Title: | Calculations for All Common Subsequences |
---|---|
Description: | Implements several string comparison algorithms, including calACS (count all common subsequences), lenACS (calculate the lengths of all common subsequences), and lenLCS (calculate the length of the longest common subsequence). Some algorithms differentiate between the more strict definition of subsequence, where a common subsequence cannot be separated by any other items, from its looser counterpart, where a common subsequence can be interrupted by other items. This difference is shown in the suffix of the algorithm (-Strict vs -Loose). For example, q-w is a common subsequence of q-w-e-r and q-e-w-r on the looser definition, but not on the more strict definition. calACSLoose Algorithm from Wang, H. All common subsequences (2007) IJCAI International Joint Conference on Artificial Intelligence, pp. 635-640. |
Authors: | Alan Gu |
Maintainer: | Alan Gu <[email protected]> |
License: | GPL |
Version: | 2.2.2 |
Built: | 2025-02-28 05:31:51 UTC |
Source: | https://github.com/cran/calACS |
Calculate the total number of all common subsequences between a string and a vector/list of strings. Subsequences can be interrupted by items, i.e. q-w is considered a subsequence of q-e-w-r
calACSLoose(vecA, listB, sep = "-", dropFirstItem = FALSE)
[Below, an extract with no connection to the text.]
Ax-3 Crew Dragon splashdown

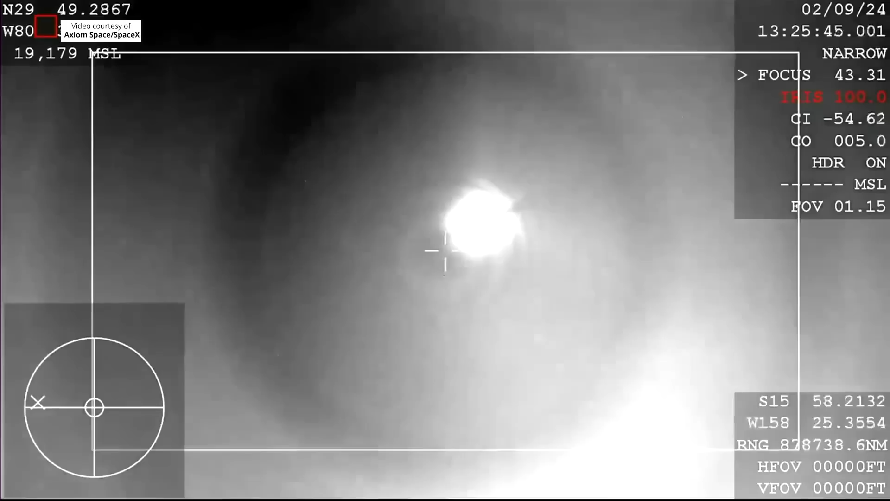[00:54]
What you're seeing on your screen is a live view of the Dragon capsule returning back to Earth,
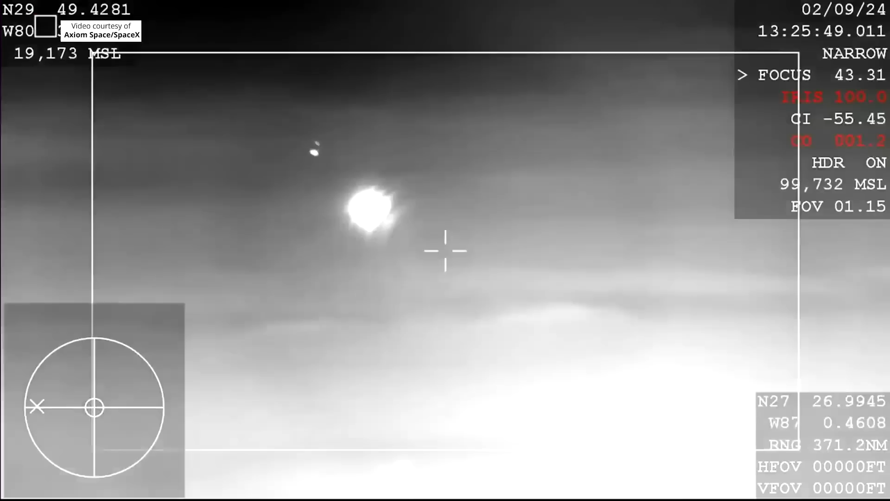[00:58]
and there you can see the drogue parachutes have deployed,

calACSLoose(vecA, listB, sep = "-", dropFirstItem = FALSE)
vecA |
The single string |
listB |
The vector/list of 1 or more strings |
sep |
Delimiter separating each items in a sequence |
dropFirstItem |
Boolean. If true, the first item in each sequence is excluded from counting all subsequences |
The total number of all common subsequences as an integer in a vector
calACSLoose("q-w-e-r", c("q-e-w-r","q-r-e-w"), "-") calACSLoose("itemToBeDropped-q-w-e-r", "itemToBeDroped-q-e-w-r", "-", dropFirstItem=TRUE)
calACSLoose("q-w-e-r", c("q-e-w-r","q-r-e-w"), "-") calACSLoose("itemToBeDropped-q-w-e-r", "itemToBeDroped-q-e-w-r", "-", dropFirstItem=TRUE)
Count the total number of all common subsequences between a string and a vector/list of strings. Subsequences cannot be interrupted by any item, i.e. q-w is not considered a subsequence of q-e-w-r due to the interrupting 'e'
calACSStrict(vecA, listB, sep = "-", dropFirstItem = FALSE, ignoreLenOneSubseq = FALSE, ignoreLenZeroSubseq = FALSE)
calACSStrict(vecA, listB, sep = "-", dropFirstItem = FALSE, ignoreLenOneSubseq = FALSE, ignoreLenZeroSubseq = FALSE)
vecA |
The single string |
listB |
The vector/list of 1 or more strings |
sep |
Delimiter separating each items in a sequence |
dropFirstItem |
Boolean. If true, the first item in each sequence is excluded from counting all subsequences |
ignoreLenOneSubseq |
Boolean. If true, all length one subequences are not counted as common subsequences |
ignoreLenZeroSubseq |
Boolean. If true, the length zero subsequence (empty set) is not counted as a common subsequence |
The total number of all common subsequences as an integer in a vector
calACSStrict("q-w-e-r", c("q-e-w-r","q-r-e-w"), "-") calACSStrict("itemToBeDropped-q-w-e-r", "itemToBeDroped-q-e-w-r", "-", dropFirstItem=TRUE)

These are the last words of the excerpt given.